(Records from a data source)
== == ==
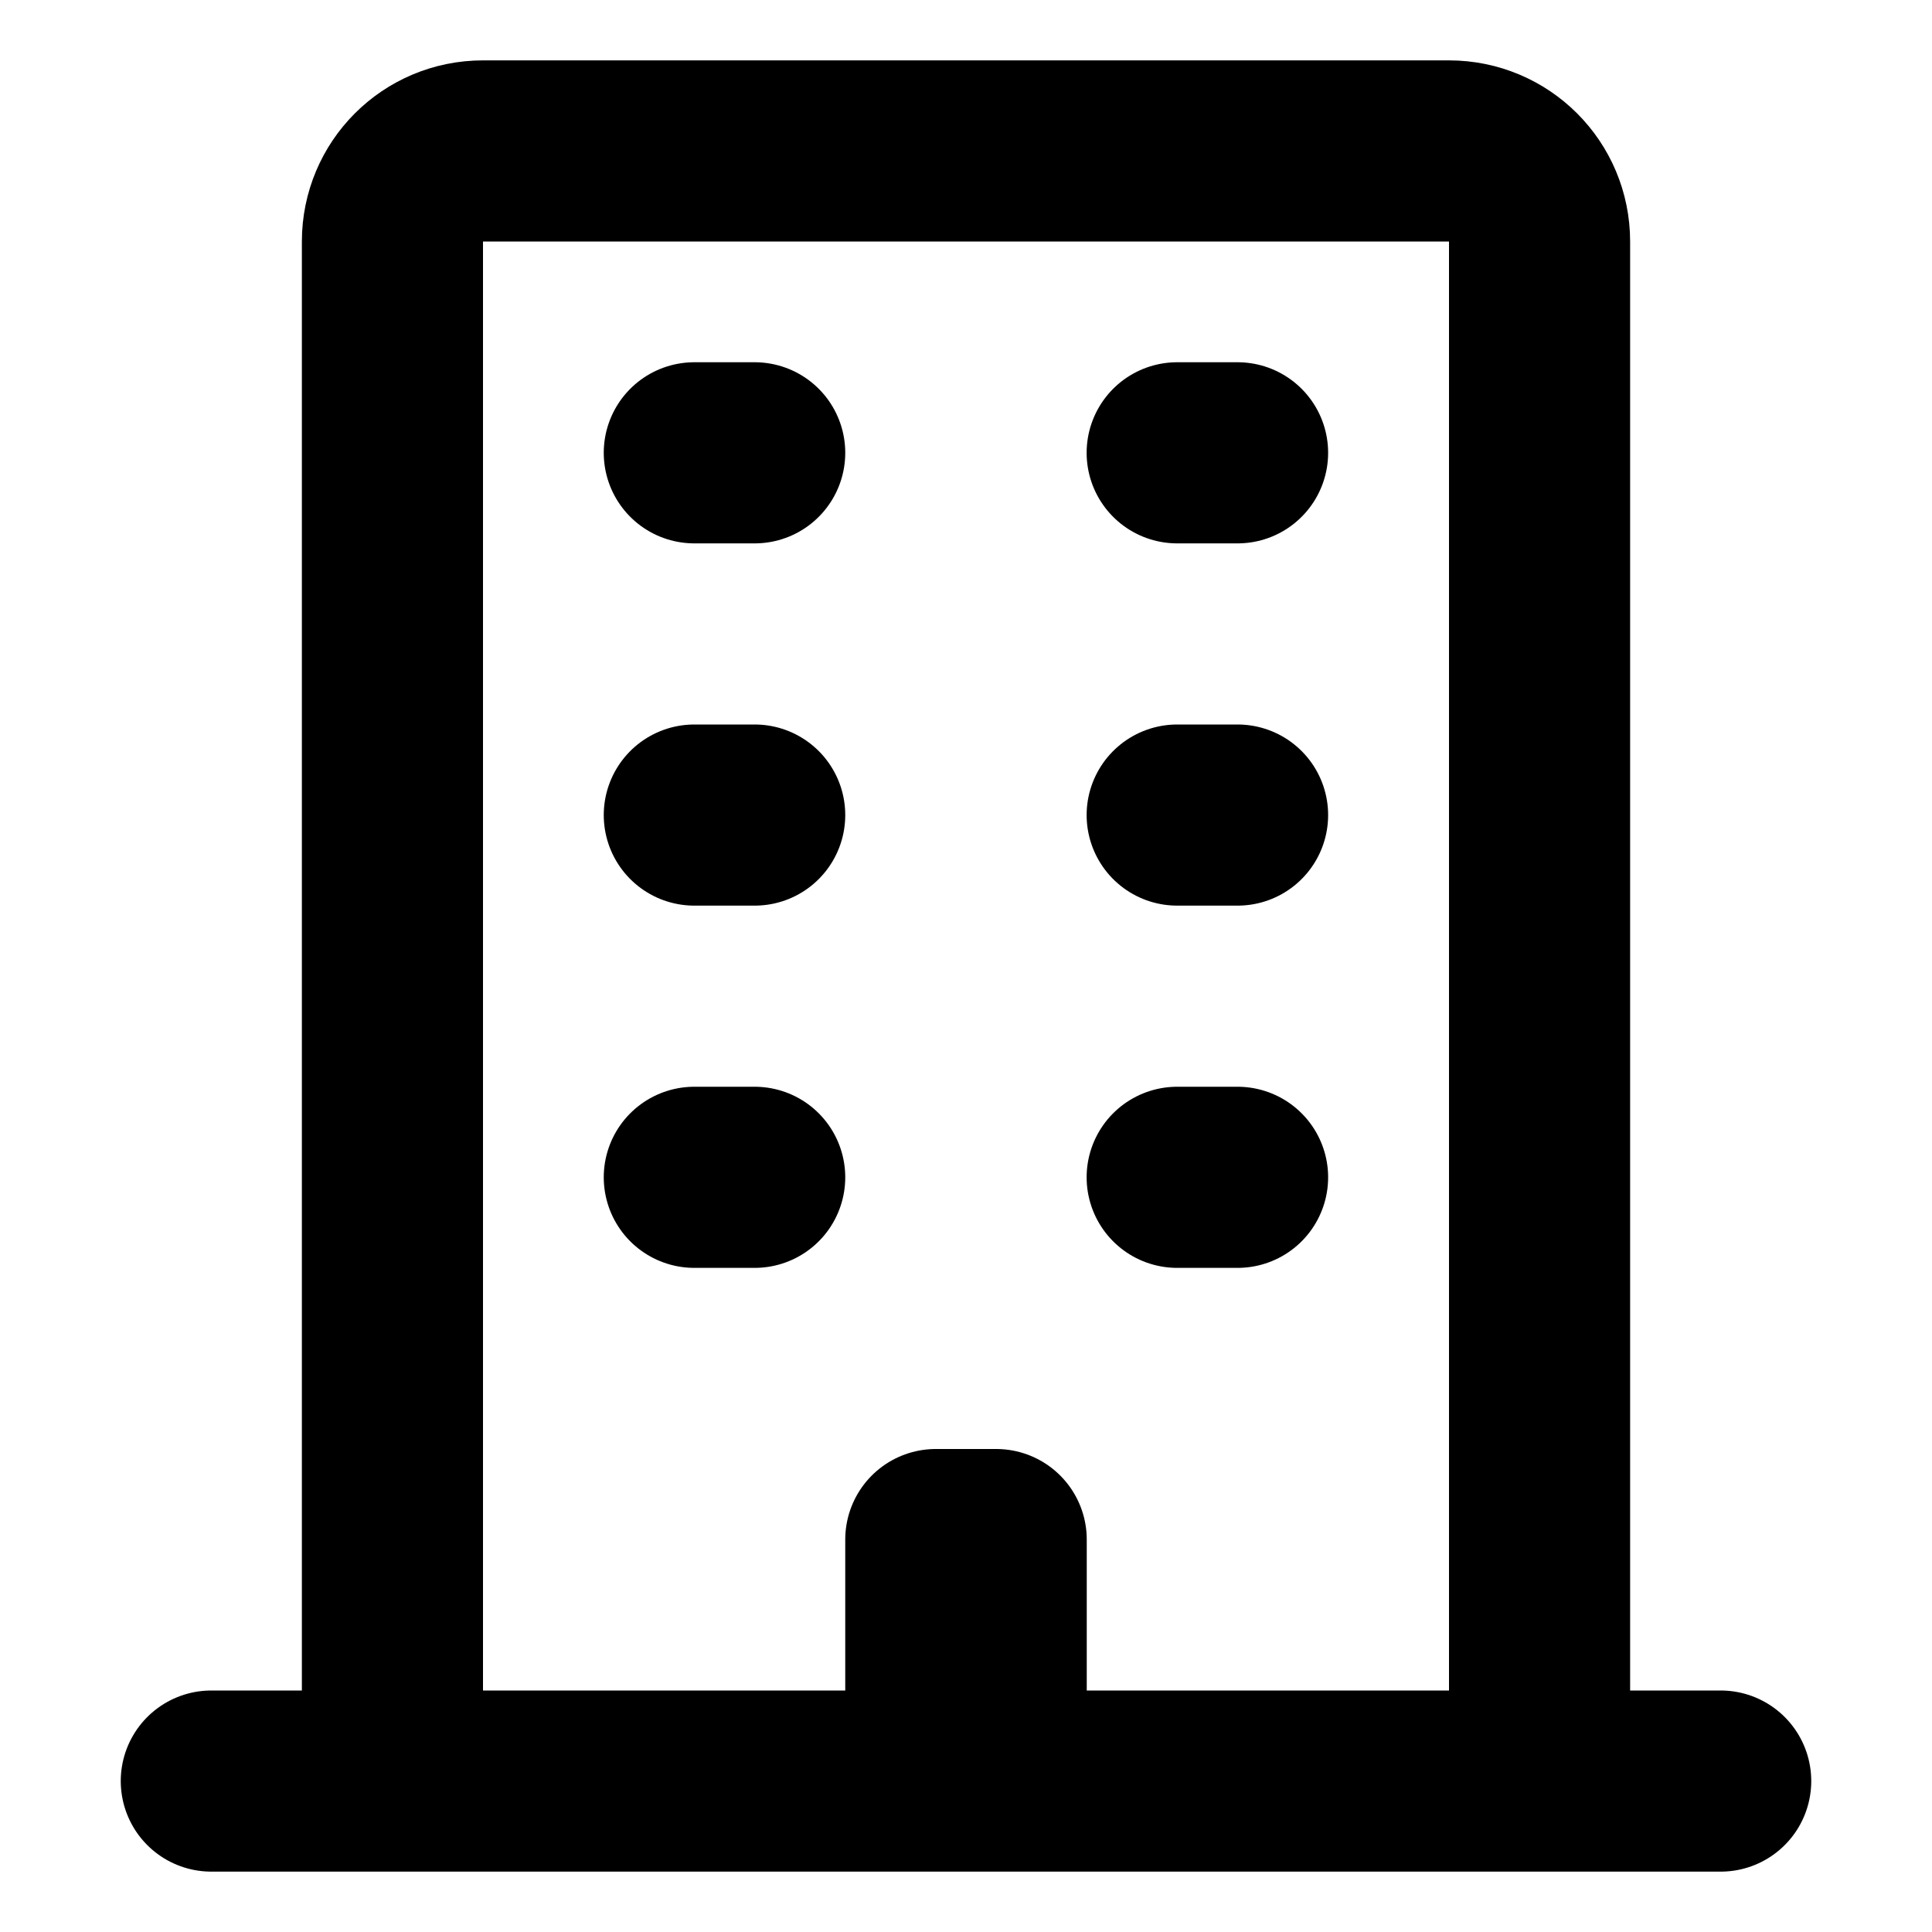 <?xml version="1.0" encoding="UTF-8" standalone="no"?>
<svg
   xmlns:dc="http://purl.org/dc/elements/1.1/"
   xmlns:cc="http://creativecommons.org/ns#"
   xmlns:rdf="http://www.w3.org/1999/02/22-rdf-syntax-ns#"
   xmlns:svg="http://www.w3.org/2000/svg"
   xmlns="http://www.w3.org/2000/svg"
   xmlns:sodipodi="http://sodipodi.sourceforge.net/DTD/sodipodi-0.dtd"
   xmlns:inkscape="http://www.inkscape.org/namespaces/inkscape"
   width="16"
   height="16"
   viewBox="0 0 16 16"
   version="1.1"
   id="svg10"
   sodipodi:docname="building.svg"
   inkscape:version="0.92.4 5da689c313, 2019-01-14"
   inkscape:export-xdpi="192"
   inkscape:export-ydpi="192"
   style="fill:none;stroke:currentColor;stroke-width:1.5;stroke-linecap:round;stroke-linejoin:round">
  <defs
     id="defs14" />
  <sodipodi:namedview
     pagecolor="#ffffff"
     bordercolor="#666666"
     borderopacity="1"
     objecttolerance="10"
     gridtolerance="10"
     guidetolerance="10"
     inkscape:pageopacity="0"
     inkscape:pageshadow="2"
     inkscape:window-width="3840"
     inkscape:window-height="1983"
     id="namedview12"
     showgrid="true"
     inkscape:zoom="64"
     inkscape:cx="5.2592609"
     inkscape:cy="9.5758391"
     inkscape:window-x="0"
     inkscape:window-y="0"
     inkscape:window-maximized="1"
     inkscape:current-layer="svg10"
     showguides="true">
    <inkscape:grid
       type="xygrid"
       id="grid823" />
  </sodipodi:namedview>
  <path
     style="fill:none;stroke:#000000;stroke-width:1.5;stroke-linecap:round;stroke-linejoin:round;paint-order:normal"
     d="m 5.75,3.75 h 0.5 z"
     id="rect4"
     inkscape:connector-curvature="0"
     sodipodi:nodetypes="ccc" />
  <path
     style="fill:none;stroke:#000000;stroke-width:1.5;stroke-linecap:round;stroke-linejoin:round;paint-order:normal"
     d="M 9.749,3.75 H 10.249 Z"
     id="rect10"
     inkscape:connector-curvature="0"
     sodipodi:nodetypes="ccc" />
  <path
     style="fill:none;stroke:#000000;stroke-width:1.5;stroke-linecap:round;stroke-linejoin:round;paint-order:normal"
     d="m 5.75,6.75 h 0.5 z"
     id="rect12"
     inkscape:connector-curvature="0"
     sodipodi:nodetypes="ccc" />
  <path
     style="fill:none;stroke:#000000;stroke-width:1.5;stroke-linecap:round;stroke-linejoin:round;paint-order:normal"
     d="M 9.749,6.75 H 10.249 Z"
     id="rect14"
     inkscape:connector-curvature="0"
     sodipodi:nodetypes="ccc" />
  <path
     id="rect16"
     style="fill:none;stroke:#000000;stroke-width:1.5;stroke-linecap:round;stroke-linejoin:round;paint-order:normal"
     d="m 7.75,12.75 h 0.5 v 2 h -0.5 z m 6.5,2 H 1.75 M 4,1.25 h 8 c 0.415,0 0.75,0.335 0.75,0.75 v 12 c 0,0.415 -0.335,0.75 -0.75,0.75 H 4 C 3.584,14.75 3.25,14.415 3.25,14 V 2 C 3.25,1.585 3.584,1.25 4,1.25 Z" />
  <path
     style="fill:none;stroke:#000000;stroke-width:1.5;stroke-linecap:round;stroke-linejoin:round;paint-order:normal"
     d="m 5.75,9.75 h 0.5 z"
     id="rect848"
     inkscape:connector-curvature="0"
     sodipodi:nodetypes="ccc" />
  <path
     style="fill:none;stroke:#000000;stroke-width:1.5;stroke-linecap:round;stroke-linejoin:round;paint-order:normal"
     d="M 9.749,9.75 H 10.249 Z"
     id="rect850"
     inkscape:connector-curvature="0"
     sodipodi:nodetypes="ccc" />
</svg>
== == ==
## Work required
The records must be copied with no word altered, and without their pictures.

## Solution to the problem
 <?xml version="1.0" encoding="UTF-8" standalone="no"?>
<svg
   xmlns:dc="http://purl.org/dc/elements/1.1/"
   xmlns:cc="http://creativecommons.org/ns#"
   xmlns:rdf="http://www.w3.org/1999/02/22-rdf-syntax-ns#"
   xmlns:svg="http://www.w3.org/2000/svg"
   xmlns="http://www.w3.org/2000/svg"
   xmlns:sodipodi="http://sodipodi.sourceforge.net/DTD/sodipodi-0.dtd"
   xmlns:inkscape="http://www.inkscape.org/namespaces/inkscape"
   width="16"
   height="16"
   viewBox="0 0 16 16"
   version="1.1"
   id="svg10"
   sodipodi:docname="building.svg"
   inkscape:version="0.92.4 5da689c313, 2019-01-14"
   inkscape:export-xdpi="192"
   inkscape:export-ydpi="192"
   style="fill:none;stroke:currentColor;stroke-width:1.5;stroke-linecap:round;stroke-linejoin:round">
  <defs
     id="defs14" />
  <sodipodi:namedview
     pagecolor="#ffffff"
     bordercolor="#666666"
     borderopacity="1"
     objecttolerance="10"
     gridtolerance="10"
     guidetolerance="10"
     inkscape:pageopacity="0"
     inkscape:pageshadow="2"
     inkscape:window-width="3840"
     inkscape:window-height="1983"
     id="namedview12"
     showgrid="true"
     inkscape:zoom="64"
     inkscape:cx="5.2592609"
     inkscape:cy="9.5758391"
     inkscape:window-x="0"
     inkscape:window-y="0"
     inkscape:window-maximized="1"
     inkscape:current-layer="svg10"
     showguides="true">
    <inkscape:grid
       type="xygrid"
       id="grid823" />
  </sodipodi:namedview>
  <path
     style="fill:none;stroke:#000000;stroke-width:1.5;stroke-linecap:round;stroke-linejoin:round;paint-order:normal"
     d="m 5.75,3.75 h 0.5 z"
     id="rect4"
     inkscape:connector-curvature="0"
     sodipodi:nodetypes="ccc" />
  <path
     style="fill:none;stroke:#000000;stroke-width:1.5;stroke-linecap:round;stroke-linejoin:round;paint-order:normal"
     d="M 9.749,3.75 H 10.249 Z"
     id="rect10"
     inkscape:connector-curvature="0"
     sodipodi:nodetypes="ccc" />
  <path
     style="fill:none;stroke:#000000;stroke-width:1.5;stroke-linecap:round;stroke-linejoin:round;paint-order:normal"
     d="m 5.75,6.75 h 0.5 z"
     id="rect12"
     inkscape:connector-curvature="0"
     sodipodi:nodetypes="ccc" />
  <path
     style="fill:none;stroke:#000000;stroke-width:1.5;stroke-linecap:round;stroke-linejoin:round;paint-order:normal"
     d="M 9.749,6.75 H 10.249 Z"
     id="rect14"
     inkscape:connector-curvature="0"
     sodipodi:nodetypes="ccc" />
  <path
     id="rect16"
     style="fill:none;stroke:#000000;stroke-width:1.5;stroke-linecap:round;stroke-linejoin:round;paint-order:normal"
     d="m 7.75,12.75 h 0.5 v 2 h -0.5 z m 6.5,2 H 1.75 M 4,1.25 h 8 c 0.415,0 0.75,0.335 0.75,0.75 v 12 c 0,0.415 -0.335,0.75 -0.75,0.75 H 4 C 3.584,14.75 3.25,14.415 3.25,14 V 2 C 3.25,1.585 3.584,1.25 4,1.25 Z" />
  <path
     style="fill:none;stroke:#000000;stroke-width:1.5;stroke-linecap:round;stroke-linejoin:round;paint-order:normal"
     d="m 5.75,9.75 h 0.5 z"
     id="rect848"
     inkscape:connector-curvature="0"
     sodipodi:nodetypes="ccc" />
  <path
     style="fill:none;stroke:#000000;stroke-width:1.5;stroke-linecap:round;stroke-linejoin:round;paint-order:normal"
     d="M 9.749,9.75 H 10.249 Z"
     id="rect850"
     inkscape:connector-curvature="0"
     sodipodi:nodetypes="ccc" />
</svg>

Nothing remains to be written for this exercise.